Though the Impact has built its attack around Drogba, they have other quality players, so the Red Bulls can’t just focus only on stopping Drogba.

“We understand that they’re still jockeying for position, but we’re in the same spot. It would be naïve for us to think that just because we’re at the top of the table now our work’s done,” goalkeeper Luis Robles said. “If anything, we’re still looking to improve. Just looking at film today, we know what we’re up against, a very fast team. They’ve got more than just Didier. Yeah, he’s coming. He’s changed almost the outlook or vantage point of that team, but they already had good players, and he might have been the missing piece to just help them get over the hump.

“We’ll look to play him the same way that we played against Kai (Kamara), understanding that there’s some battles that we may not win, but if we can pick the loose balls, if we can limit the damage of the other players, it puts us in a good position to win.”

Marsch agreed. Suspended and watching Saturday’s game against the Crew from a luxury box, he was proud of the way the team combined to limit Kamara’s effectiveness.

“I thought they did a very good job of that with Kamara,” Marsch said. “Kamara maybe got sort of on the end of one play in the first half in the box, but for the most part, with all the different crosses and runs and everything else, he hardly found any space. So it’s a version of that. Kamara’s a little bit more athletic than what Drogba is at this point, but it’s very similar to making sure that he doesn’t have space.

“He’s very good at working off the shoulders of defenders and putting himself in gaps so that he can gain space to now go up and compete for balls, which means when balls go wide our center backs and our entire back line need to really look over their shoulder and identify where he is.”

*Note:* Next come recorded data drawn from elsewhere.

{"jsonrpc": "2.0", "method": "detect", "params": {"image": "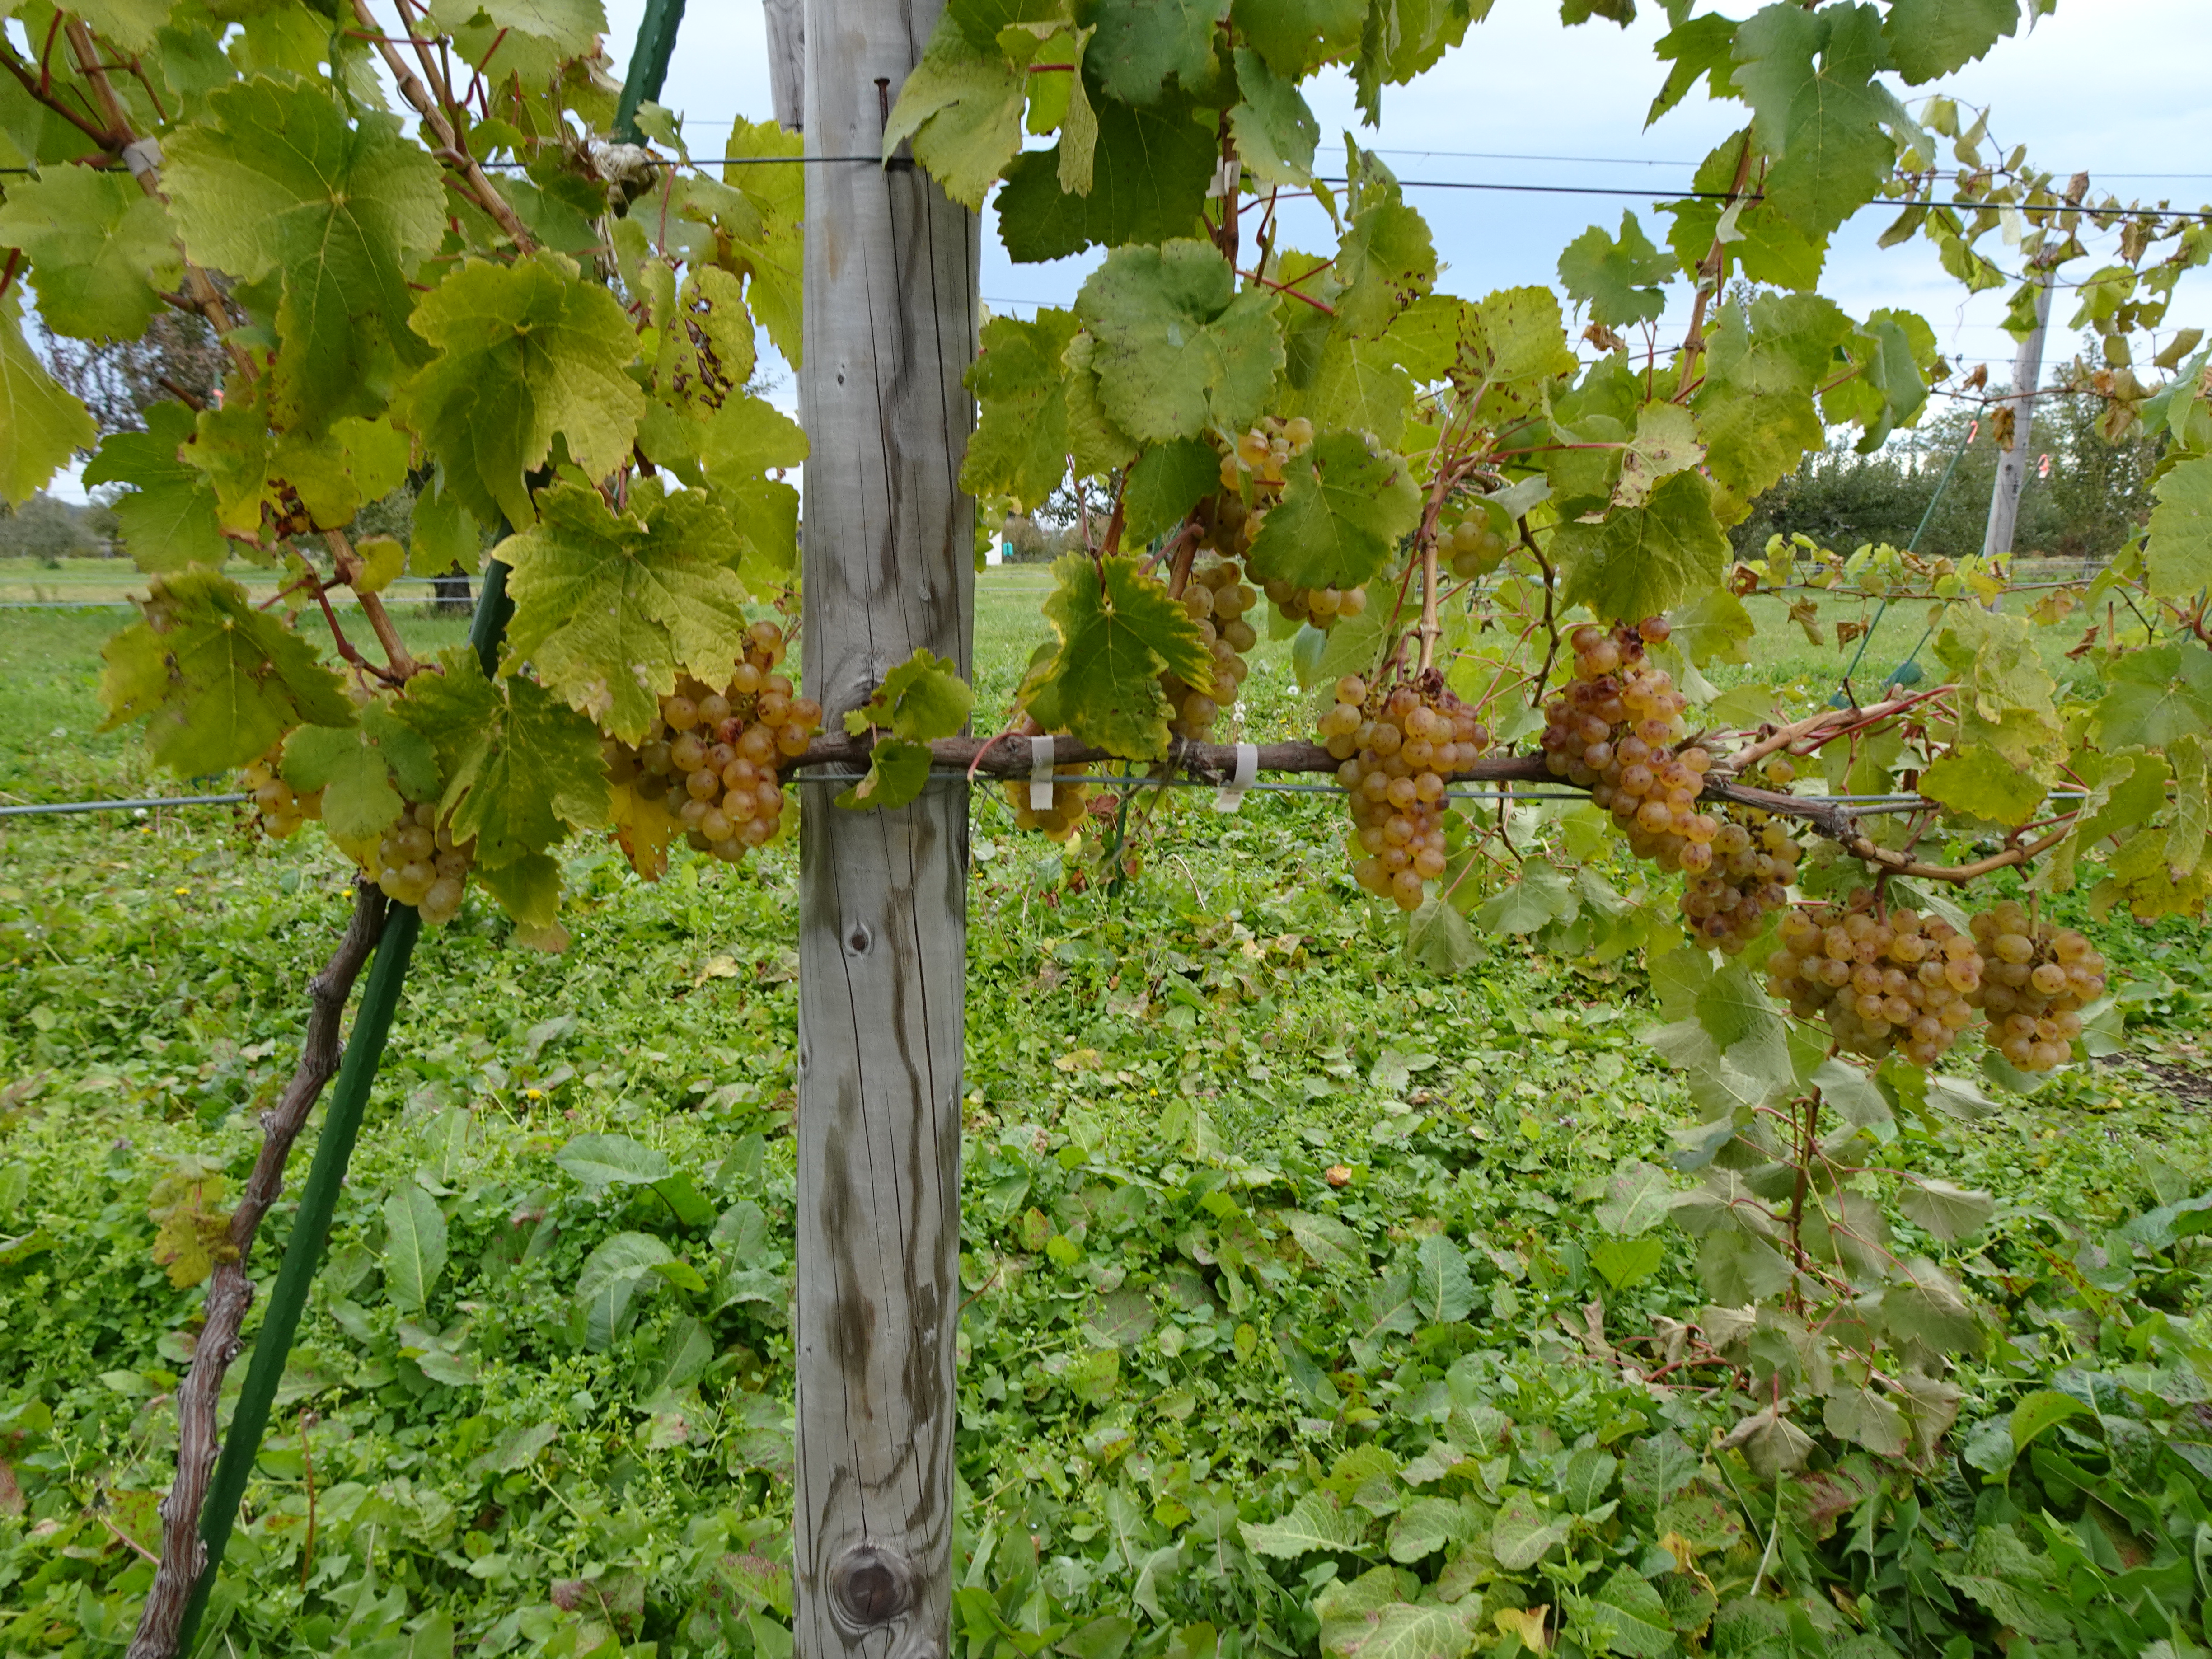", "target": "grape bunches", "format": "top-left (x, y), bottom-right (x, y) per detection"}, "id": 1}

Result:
top-left (1672, 753), bottom-right (1808, 957)
top-left (1764, 883), bottom-right (1881, 1022)
top-left (998, 755), bottom-right (1093, 845)
top-left (1822, 907), bottom-right (1991, 1070)
top-left (1138, 551), bottom-right (1259, 751)
top-left (1431, 503), bottom-right (1507, 577)
top-left (238, 712), bottom-right (336, 839)
top-left (1540, 615), bottom-right (1719, 878)
top-left (1219, 412), bottom-right (1377, 633)
top-left (1959, 897), bottom-right (2108, 1075)
top-left (374, 782), bottom-right (498, 929)
top-left (633, 620), bottom-right (829, 868)
top-left (1313, 668), bottom-right (1492, 914)
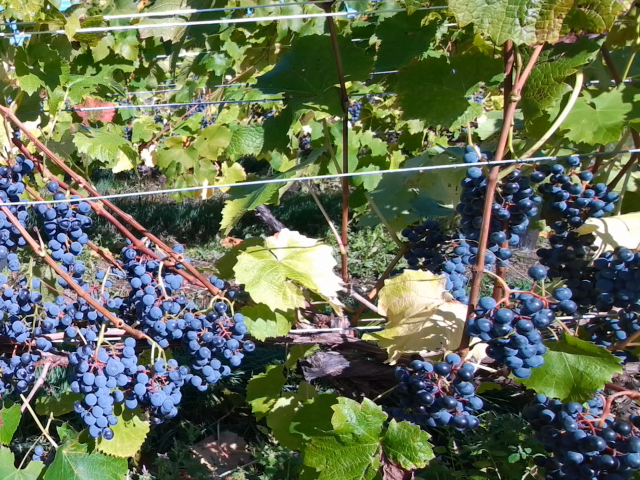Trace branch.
Masks as SVG:
<instances>
[{"label": "branch", "mask_w": 640, "mask_h": 480, "mask_svg": "<svg viewBox=\"0 0 640 480\" xmlns=\"http://www.w3.org/2000/svg\"><path fill=\"white\" fill-rule=\"evenodd\" d=\"M87 245L97 254L102 256L105 259V261L116 270H120L122 268V265L118 261L113 259L107 251H105L100 246H98L93 240H89L87 242Z\"/></svg>", "instance_id": "1af6ec82"}, {"label": "branch", "mask_w": 640, "mask_h": 480, "mask_svg": "<svg viewBox=\"0 0 640 480\" xmlns=\"http://www.w3.org/2000/svg\"><path fill=\"white\" fill-rule=\"evenodd\" d=\"M407 251L406 247H402L401 249H399L395 256L393 257V259L390 261V263L388 264V266L386 267V269L383 270L378 282L376 283L375 287L373 288V290L368 294V299L372 300L373 297L376 295V293L379 291V289L381 288V285L383 284V282L386 279L387 274L393 269L394 265L398 262V259L400 258V256L402 254H404Z\"/></svg>", "instance_id": "1d269e1b"}, {"label": "branch", "mask_w": 640, "mask_h": 480, "mask_svg": "<svg viewBox=\"0 0 640 480\" xmlns=\"http://www.w3.org/2000/svg\"><path fill=\"white\" fill-rule=\"evenodd\" d=\"M2 213L14 224L16 230L21 233L27 243L30 245L32 251L36 253L39 257H41L52 270H54L58 275L62 277V279L73 288V290L83 299H85L91 306L96 308L98 312L112 324L117 325L125 332L132 334L135 338H142L144 333L142 331H138L134 327L126 324L121 319L111 315L97 300H95L91 295H89L85 290H83L79 284L72 279L68 273L62 269L58 264H56L51 257L42 249L39 248L38 244L31 237L29 231L23 227L19 219L9 210L7 206L1 207Z\"/></svg>", "instance_id": "45aa463d"}, {"label": "branch", "mask_w": 640, "mask_h": 480, "mask_svg": "<svg viewBox=\"0 0 640 480\" xmlns=\"http://www.w3.org/2000/svg\"><path fill=\"white\" fill-rule=\"evenodd\" d=\"M503 295H504L503 286L499 282H497V280H494L492 299L495 301L496 308L502 307Z\"/></svg>", "instance_id": "2b1400db"}, {"label": "branch", "mask_w": 640, "mask_h": 480, "mask_svg": "<svg viewBox=\"0 0 640 480\" xmlns=\"http://www.w3.org/2000/svg\"><path fill=\"white\" fill-rule=\"evenodd\" d=\"M606 387L614 392L626 391L628 393V396H627L628 398L633 400H640V392H637L631 389H626L625 387H620L613 382H608L606 384Z\"/></svg>", "instance_id": "8bde2521"}, {"label": "branch", "mask_w": 640, "mask_h": 480, "mask_svg": "<svg viewBox=\"0 0 640 480\" xmlns=\"http://www.w3.org/2000/svg\"><path fill=\"white\" fill-rule=\"evenodd\" d=\"M364 308H365V305H364V304H360V305L357 307V309L355 310V312H354V314H353V316H352V318H351V322H352V323H355V322H356V320H357V318H358L359 314L361 313V311H362Z\"/></svg>", "instance_id": "a944a4c4"}, {"label": "branch", "mask_w": 640, "mask_h": 480, "mask_svg": "<svg viewBox=\"0 0 640 480\" xmlns=\"http://www.w3.org/2000/svg\"><path fill=\"white\" fill-rule=\"evenodd\" d=\"M348 178H343L342 196H343V210H342V253H343V274L342 279L344 282L348 281V233H347V212H348Z\"/></svg>", "instance_id": "ca6c30ca"}, {"label": "branch", "mask_w": 640, "mask_h": 480, "mask_svg": "<svg viewBox=\"0 0 640 480\" xmlns=\"http://www.w3.org/2000/svg\"><path fill=\"white\" fill-rule=\"evenodd\" d=\"M11 142L14 144V146L18 149V151L20 153H22L23 155H25L34 165V167L36 168V170L47 180L51 181H56L59 185V188L65 190L67 193H69L71 196L72 195H81L82 199L84 197V194L81 191H78L74 188H72L69 184H67L66 182H63L62 180H60L58 177L52 175L50 172H48L41 164V162L39 161V159L28 149L26 148L17 137H13L11 139Z\"/></svg>", "instance_id": "ea751061"}, {"label": "branch", "mask_w": 640, "mask_h": 480, "mask_svg": "<svg viewBox=\"0 0 640 480\" xmlns=\"http://www.w3.org/2000/svg\"><path fill=\"white\" fill-rule=\"evenodd\" d=\"M500 176V167L493 165L487 179L486 199L483 210L480 214V230L478 235V251L476 255V264L473 271V281L469 291V301L467 303V316L474 318L476 316V307L478 306V296L482 285V275L485 269V260L487 256V240L489 235V218L494 210L496 183Z\"/></svg>", "instance_id": "170604dd"}, {"label": "branch", "mask_w": 640, "mask_h": 480, "mask_svg": "<svg viewBox=\"0 0 640 480\" xmlns=\"http://www.w3.org/2000/svg\"><path fill=\"white\" fill-rule=\"evenodd\" d=\"M514 41L505 39L503 41V87H504V124L498 133L496 144L493 148V158L500 160L502 152L505 148L506 140L511 133L513 124L516 119V109L519 103L520 94L525 84V79L532 65L543 53L541 46H535L528 56L524 59L513 83V67H512V50Z\"/></svg>", "instance_id": "325d2c04"}, {"label": "branch", "mask_w": 640, "mask_h": 480, "mask_svg": "<svg viewBox=\"0 0 640 480\" xmlns=\"http://www.w3.org/2000/svg\"><path fill=\"white\" fill-rule=\"evenodd\" d=\"M328 26H329V31H330V36H331V41L333 44V50L335 53V63H336V67L338 69V79H339V83H340V88H341V93L343 96V123H342V134H343V172L347 173L348 172V150H349V143H348V132H347V125H348V110H349V103H348V94H347V90H346V85H345V81H344V77H343V67L341 65V61H340V50L338 47V42H337V38H336V33H335V28H334V24H333V17L329 16L328 17Z\"/></svg>", "instance_id": "1ff4a987"}, {"label": "branch", "mask_w": 640, "mask_h": 480, "mask_svg": "<svg viewBox=\"0 0 640 480\" xmlns=\"http://www.w3.org/2000/svg\"><path fill=\"white\" fill-rule=\"evenodd\" d=\"M103 203L110 209H113L121 218L130 222L141 234H143L150 241L156 244L161 250L166 251L176 260L183 263L186 266V268L195 277L186 273L176 265H173L166 257L145 248L144 245L139 241V238L133 232L129 231L122 223H119L118 221H116L106 209H104L102 206L97 204L95 200L88 201V205L93 210L101 214L110 226L116 228L125 237L129 238L132 241L133 245L145 257H148L152 260H156L162 263L164 266H166L168 270L180 276L185 281H188L189 283L194 285L196 288L203 289L204 287H206L208 290H210L213 293L215 297H218L220 295V290L215 285H213L204 275H202V273L184 255L177 252L173 247L169 246L168 244L162 242L159 237H157L155 234L151 233L148 229H146L135 217H133L132 215L124 211L116 202H113L110 199L105 198L103 200Z\"/></svg>", "instance_id": "30e6481e"}, {"label": "branch", "mask_w": 640, "mask_h": 480, "mask_svg": "<svg viewBox=\"0 0 640 480\" xmlns=\"http://www.w3.org/2000/svg\"><path fill=\"white\" fill-rule=\"evenodd\" d=\"M0 113L5 117H8L10 120L16 123L18 129L29 138V140L40 149L45 157L51 160L61 171L65 172L71 179H73L86 193L91 195L92 197H96L100 195L98 190L93 189L89 186L77 173H75L70 167L65 165L58 157H56L47 146L41 142L25 125L23 120L15 115L10 110L6 109L3 104H0Z\"/></svg>", "instance_id": "982ccf7c"}]
</instances>

It will help that left back Kemar Lawrence returns after missing the Crew game due to personal reasons. That means Connor Lade will return to right back. Ironically, Lade had perhaps his best game of the season against the Crew and earned a spot on the MLS Team of the Week.

“They’re a confident team. They’re a very talented team,” McCarty said. “Individually, position by position, they’re one of the more talented teams in the league. Obviously the schedule has been a bit weird with them being in CONCACAF (Champions League), so they haven’t really been able to get much of a rhythm in MLS this year. Now their sole focus is making the playoffs and we’re in their way. They’re still fighting to make the playoff. It’s no guarantee that they get in.”

So it’s just another game against yet another desperate team. Hopefully the Red Bulls know how to handle those by now.